**** Exercise inputs ****
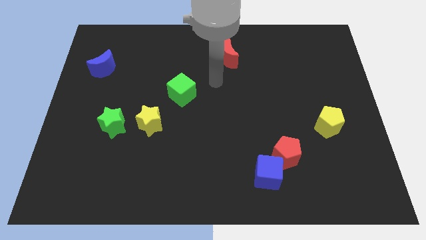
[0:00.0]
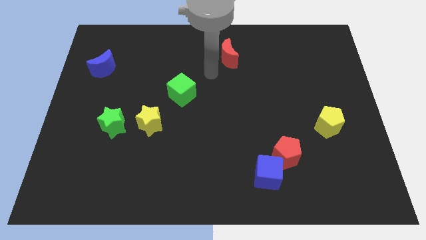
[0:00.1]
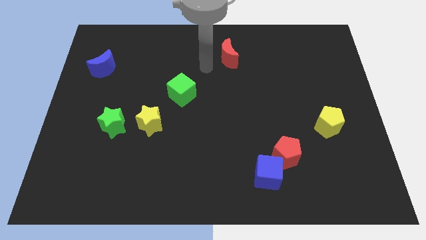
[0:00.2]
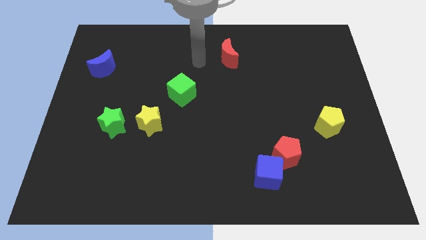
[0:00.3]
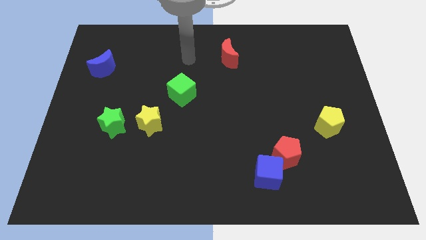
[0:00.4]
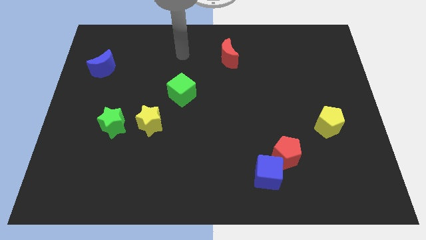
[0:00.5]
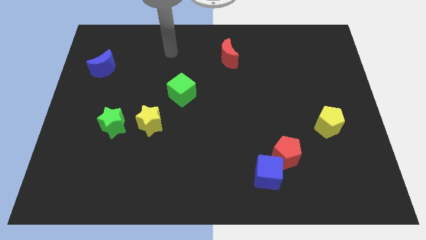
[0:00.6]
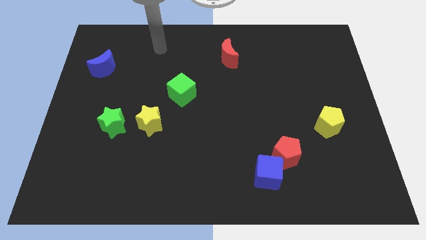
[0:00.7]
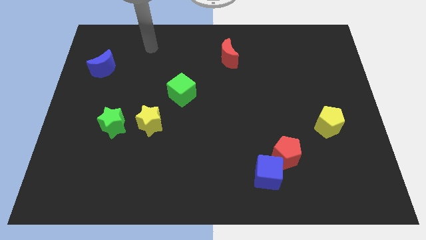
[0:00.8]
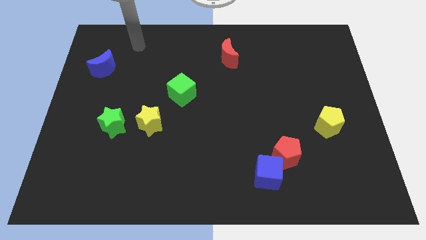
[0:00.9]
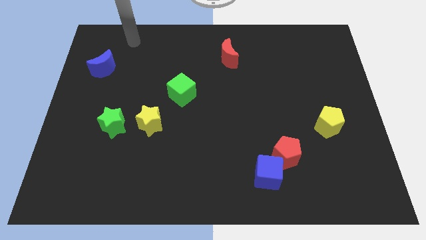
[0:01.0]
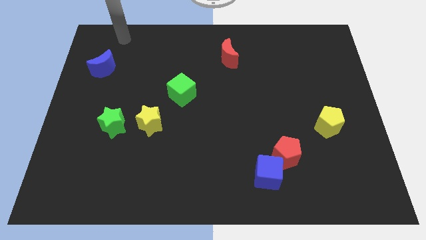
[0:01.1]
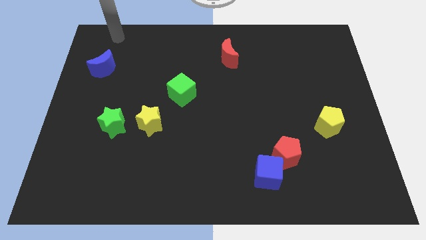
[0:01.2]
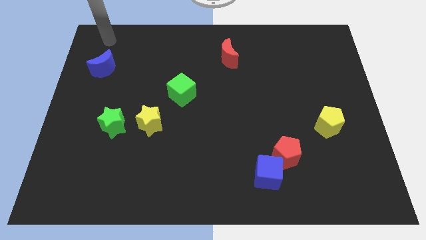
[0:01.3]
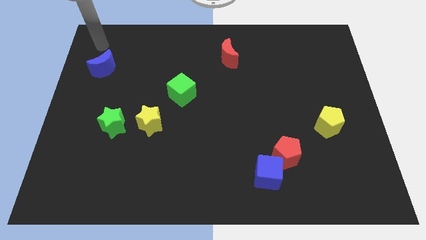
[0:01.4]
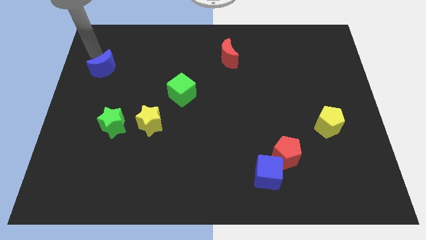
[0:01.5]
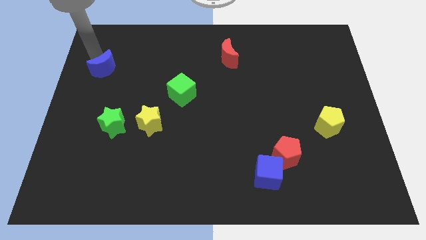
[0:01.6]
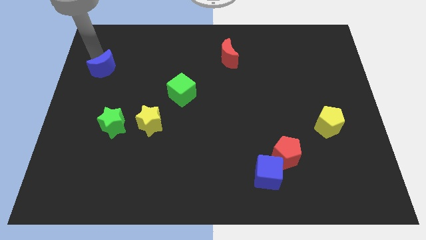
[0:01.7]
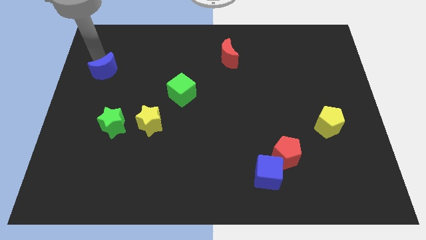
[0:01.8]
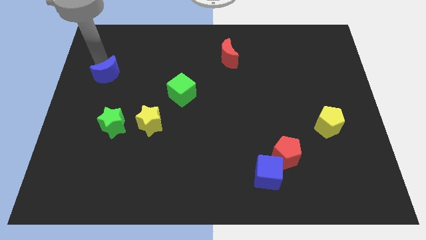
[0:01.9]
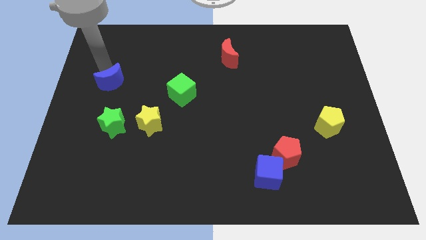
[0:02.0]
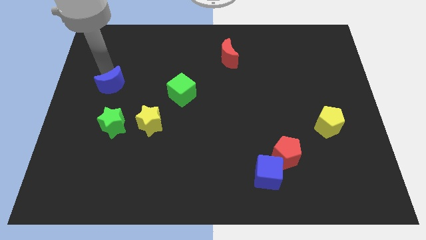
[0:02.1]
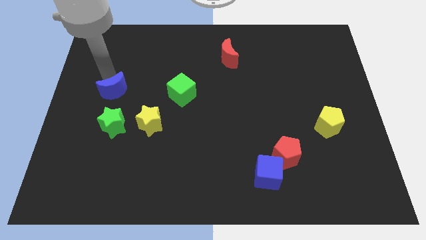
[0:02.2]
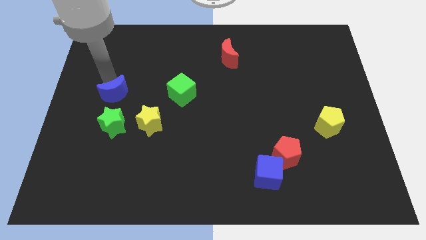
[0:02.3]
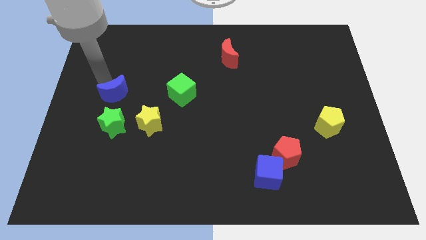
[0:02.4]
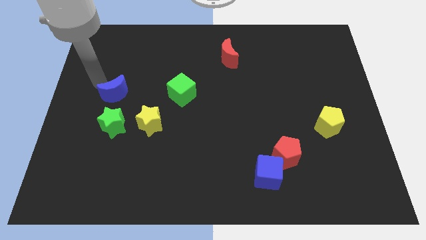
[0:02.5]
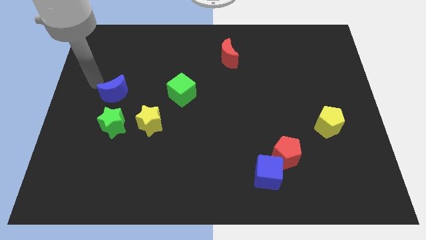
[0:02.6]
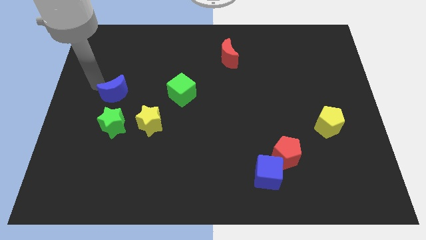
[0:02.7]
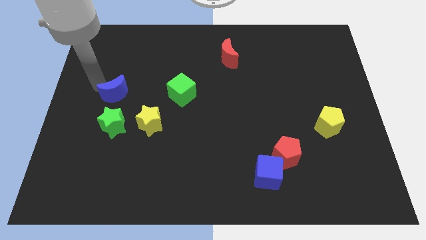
****
-- Task --
In repeating the entries, exclude the pictures and alter nothing else.

-- Written solution --
[0:00.0]
[0:00.1]
[0:00.2]
[0:00.3]
[0:00.4]
[0:00.5]
[0:00.6]
[0:00.7]
[0:00.8]
[0:00.9]
[0:01.0]
[0:01.1]
[0:01.2]
[0:01.3]
[0:01.4]
[0:01.5]
[0:01.6]
[0:01.7]
[0:01.8]
[0:01.9]
[0:02.0]
[0:02.1]
[0:02.2]
[0:02.3]
[0:02.4]
[0:02.5]
[0:02.6]
[0:02.7]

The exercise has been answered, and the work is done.